The officer staggered back mortally wounded, but recovered himself, and the next instant the cowboy reeled from his saddle, a load of buckshot through his breast.
After the boys left us for town, the remainder of us, belonging to the third and fourth guard, grazed the cattle forward leisurely during the afternoon. Through cattle herds were in sight both up and down the river on either side, and on crossing the Mulberry the day before, we learned that several herds were holding out as far south as that stream, while McNulta had reported over forty herds as having already passed northward on the trail. Dodge was the meeting point for buyers from every quarter.

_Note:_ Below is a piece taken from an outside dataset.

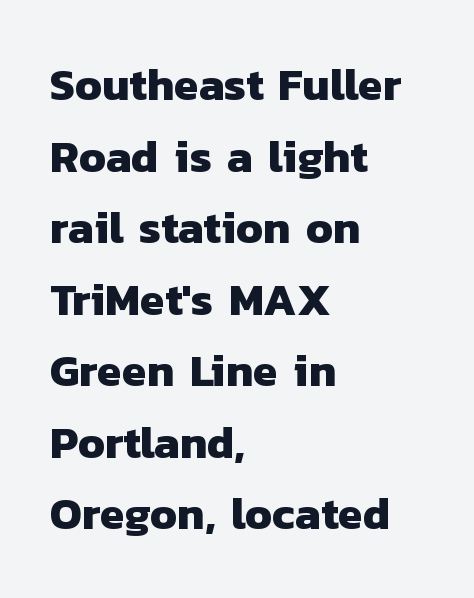
{"serif": "no", "bold": "yes", "weight": "heavy", "width": "normal", "stroke_contrast": "low", "x_height": "medium", "monospaced": "no", "underline": "no", "align": "left", "line_spacing": "normal", "line_spacing_ratio": 1.59, "letter_spacing": "normal", "letter_spacing_em": 0.0, "glyph_px": 45}

Often herds would sell at Dodge whose destination for delivery was beyond the Yellowstone in Montana. Herds frequently changed owners when the buyer never saw the cattle. A yearling was a yearling and a two year old was a two year old, and the seller's word, that they were "as good or better than the string I sold you last year," was sufficient. Cattle were classified as northern, central, and southern animals, and, except in case of severe drouth in the preceding years, were pretty nearly uniform in size throughout each section. The prairie section of the State left its indelible imprint on the cattle bred in the open country, while the coast, as well as the piney woods and black-jack sections, did the same, thus making classification easy.

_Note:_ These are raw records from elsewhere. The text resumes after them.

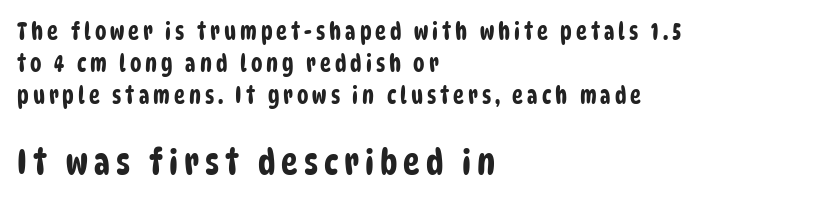
The letters carry no serifs — their stems end cleanly without finishing strokes. Where is the straight margin? On the left. Successive baselines arrive at the customary interval. You could not count columns in this text — the font is proportionally spaced.
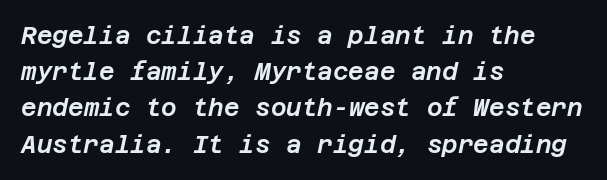
Notice how the passage keeps a crisp vertical edge on the left only. This rendering leaves character spacing at its baseline value. This block has exactly the height ordinary leading produces. Words float on clear page, feet unadorned.
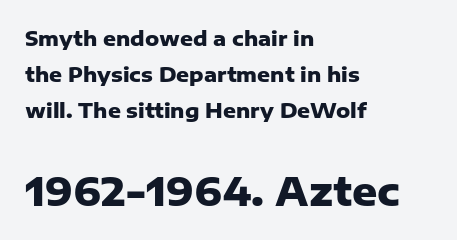
Check under the words: just untouched page. In this sample the second text group is rendered at the bigger scale. In terms of letterspacing, this is plain default setting. Horizontally, the lines are justified to the leading edge only. Is there any slant? The stems are plumb.

McCann overtook us early in the evening, and, being an obliging fellow, was induced by Forrest to stand the first guard with Honeyman so as to make up the proper number of watches, though with only two men on guard at a time, for it was hardly possible that any of the others would return before daybreak. There was much to be seen in Dodge, and as losing a night's sleep on duty was considered nothing, in hilarious recreation sleep would be entirely forgotten. McCann had not forgotten us, but had smuggled out a quart bottle to cut the alkali in our drinking water. But a quart amongst eight of us was not dangerous, so the night passed without incident, though we felt a growing impatience to get into town. As we expected, about sunrise the next morning our men off on holiday rode into camp, having never closed an eye during the entire night. They brought word from Flood that the herd would only graze over to Saw Log Creek that day, so as to let the remainder of us have a day and night in town. Lovell would only advance half a month's wages--twenty-five dollars--to the man. It was ample for any personal needs, though we had nearly three months' wages due, and no one protested, for the old man was generally right in his decisions. According to their report the boys had had a hog-killing time, old man Don having been out with them all night.